As it is, his little rave-out after yet another loss to the Caps reminds us of Donovan McNabb’s equally insane insistence that the Eagles were better than the Redskins despite the latter’s sweep of the former in the season series. The after-the-fact bitterness in both cases illustrates the animosity our teams can expect to face as they rise (or prepare to rise) to heights the rest of the sports world seems to think they should not.

Speaking of such sentiment, by now we all know about Don Cherry’s insane Ovie-related rant. The bald absurdity of it all is self-apparent, and the motive behind it all even more so with the mentioning of poor down-and-out Sidney Crosby immediately before the Ovechkin celebration bashing began. People are on to the overrated-ness of Sid, realizing the greatness of Ovechkin, and Cherry and other Sid anointers are unable to deal with it.

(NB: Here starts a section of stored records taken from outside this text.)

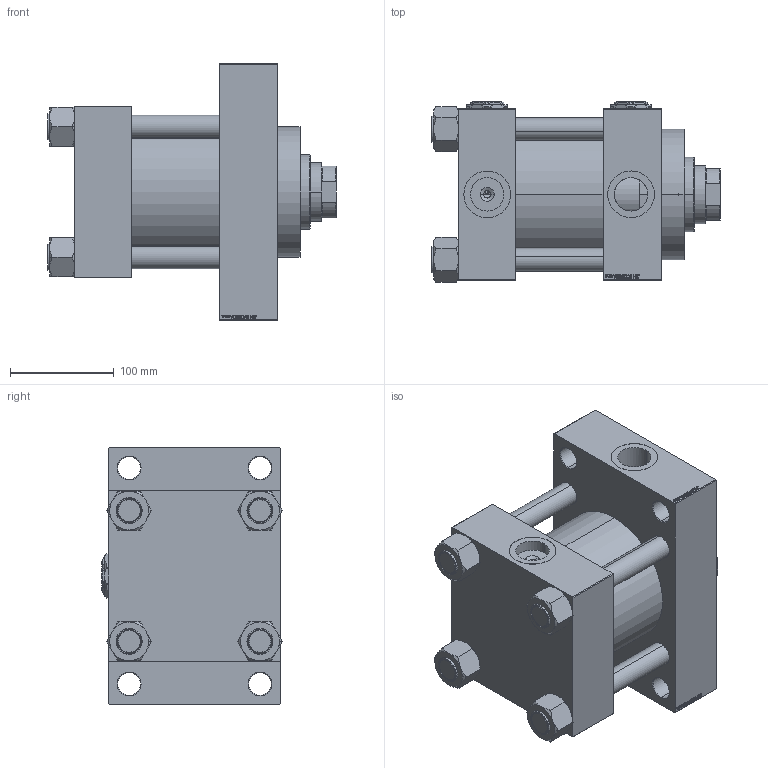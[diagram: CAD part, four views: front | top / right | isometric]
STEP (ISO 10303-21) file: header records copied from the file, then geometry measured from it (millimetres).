
FILE_DESCRIPTION (( 'STEP AP203' ), '1' );
FILE_NAME ('c74b.STEP', '2022-04-16T10:52:07', ( '' ), ( '' ), 'SwSTEP 2.0', 'SolidWorks 2019', '' );
FILE_SCHEMA (( 'CONFIG_CONTROL_DESIGN' ));
Length unit declared in the file: millimetre
Products named in the file (7): NUT_M5_D 582b7f95396bf096c9634497a2b7df12; V215CR_VCP_D 582b7f95396bf096c9634497a2b7df12; V215CR_D_Body 582b7f95396bf096c9634497a2b7df12; V215CR_D_TYCINKA 582b7f95396bf096c9634497a2b7df12; Zatka_pro_OIL_PORT 582b7f95396bf096c9634497a2b7df12; V215_VC_A 582b7f95396bf096c9634497a2b7df12; c74b
Assembly tree (13 placements, depth 2):
  c74b
    V215CR_D_Body 582b7f95396bf096c9634497a2b7df12
    V215CR_VCP_D 582b7f95396bf096c9634497a2b7df12
    NUT_M5_D 582b7f95396bf096c9634497a2b7df12  x4
    V215CR_D_TYCINKA 582b7f95396bf096c9634497a2b7df12  x4
    V215_VC_A 582b7f95396bf096c9634497a2b7df12
    Zatka_pro_OIL_PORT 582b7f95396bf096c9634497a2b7df12  x2
Bounding box: 278 x 174.07 x 247 mm (x, y, z)
Volume: 4901699.1 mm3; surface area: 544412.6 mm2
Topology: 13 solids, 13 shells, 1255 faces, 3152 edges, 2040 vertices
Faces by surface type: plane 594, bspline 368, cone 184, cylinder 101, torus 8
Entity records: 50005 total; most frequent: CARTESIAN_POINT 25964, ORIENTED_EDGE 5376, DIRECTION 3550, EDGE_CURVE 2688, VERTEX_POINT 1760, VECTOR 1566, LINE 1566, EDGE_LOOP 1196

It’s interesting that Cherry held up soccer players for ridicule because of some of their goal celebrations and then likened Ovehckin’s celebrations to those. We think a far more telling comparison between the two sports would be comparing this:



To this:



Now we get the analogy. Thanks, Don.

As has been pointed out pretty much universally since this nonsense hit the airwaves, the timing of Cherry’s idiocy is curious, coming at a time when Ovechkin’s star is very much on the rise and the sheen is coming off Sid exponentially as his whining, tantrum-throwing, and baffling suspension-less cheap-shotting increase (also curious that many of the Ovie clips shown have been around for at least a couple of years, and only now apparently has the outrage come forth in Cherry’s Canadian-centric mind). NHL players, at the very least, are starting to fully embrace the anti-Sid movement. Hopefully NHL marketers will come to their senses as well, and maybe even NBC will start to show a few more games not featuring the Penguins.

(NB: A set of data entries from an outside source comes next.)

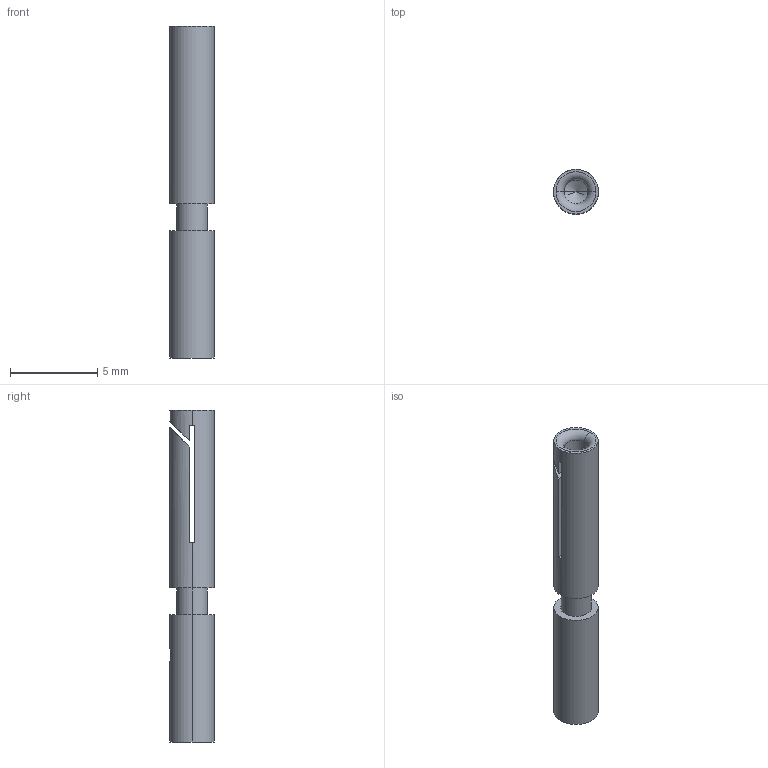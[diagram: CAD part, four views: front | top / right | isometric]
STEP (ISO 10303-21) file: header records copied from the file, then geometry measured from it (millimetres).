
FILE_DESCRIPTION (( 'STEP AP203' ), '1' );
FILE_NAME ('A2965-1-CN.STEP', '2013-11-06T14:07:50', ( '' ), ( '' ), 'SwSTEP 2.0', 'SolidWorks 2012', '' );
FILE_SCHEMA (( 'CONFIG_CONTROL_DESIGN' ));
Length unit declared in the file: inch
Products named in the file (1): A2965-1-CN
Bounding box: 2.57 x 2.57 x 19.05 mm (x, y, z)
Volume: 65 mm3; surface area: 244.8 mm2
Topology: 1 solids, 1 shells, 39 faces, 103 edges, 64 vertices
Faces by surface type: plane 17, cylinder 14, cone 6, torus 2
Entity records: 1304 total; most frequent: CARTESIAN_POINT 259, DIRECTION 211, ORIENTED_EDGE 198, EDGE_CURVE 99, AXIS2_PLACEMENT_3D 82, VERTEX_POINT 64, VECTOR 47, LINE 47

In the end, we at DCO are heartened by these anti-Caps developments, as it indicates that the Capitals will likely not be inundated with irritating darling-ism, such as been heaped upon every Penguins’ team since Cherry’s Messiah broke into the league and lost the Calder trophy to Ovechkin. Maybe they’ll just be allowed to go about their business bringing a Cup to DC, and to making the town a permanent residence for other trophies with names like Hart, Richard, Ross, Adams, Norris, etc.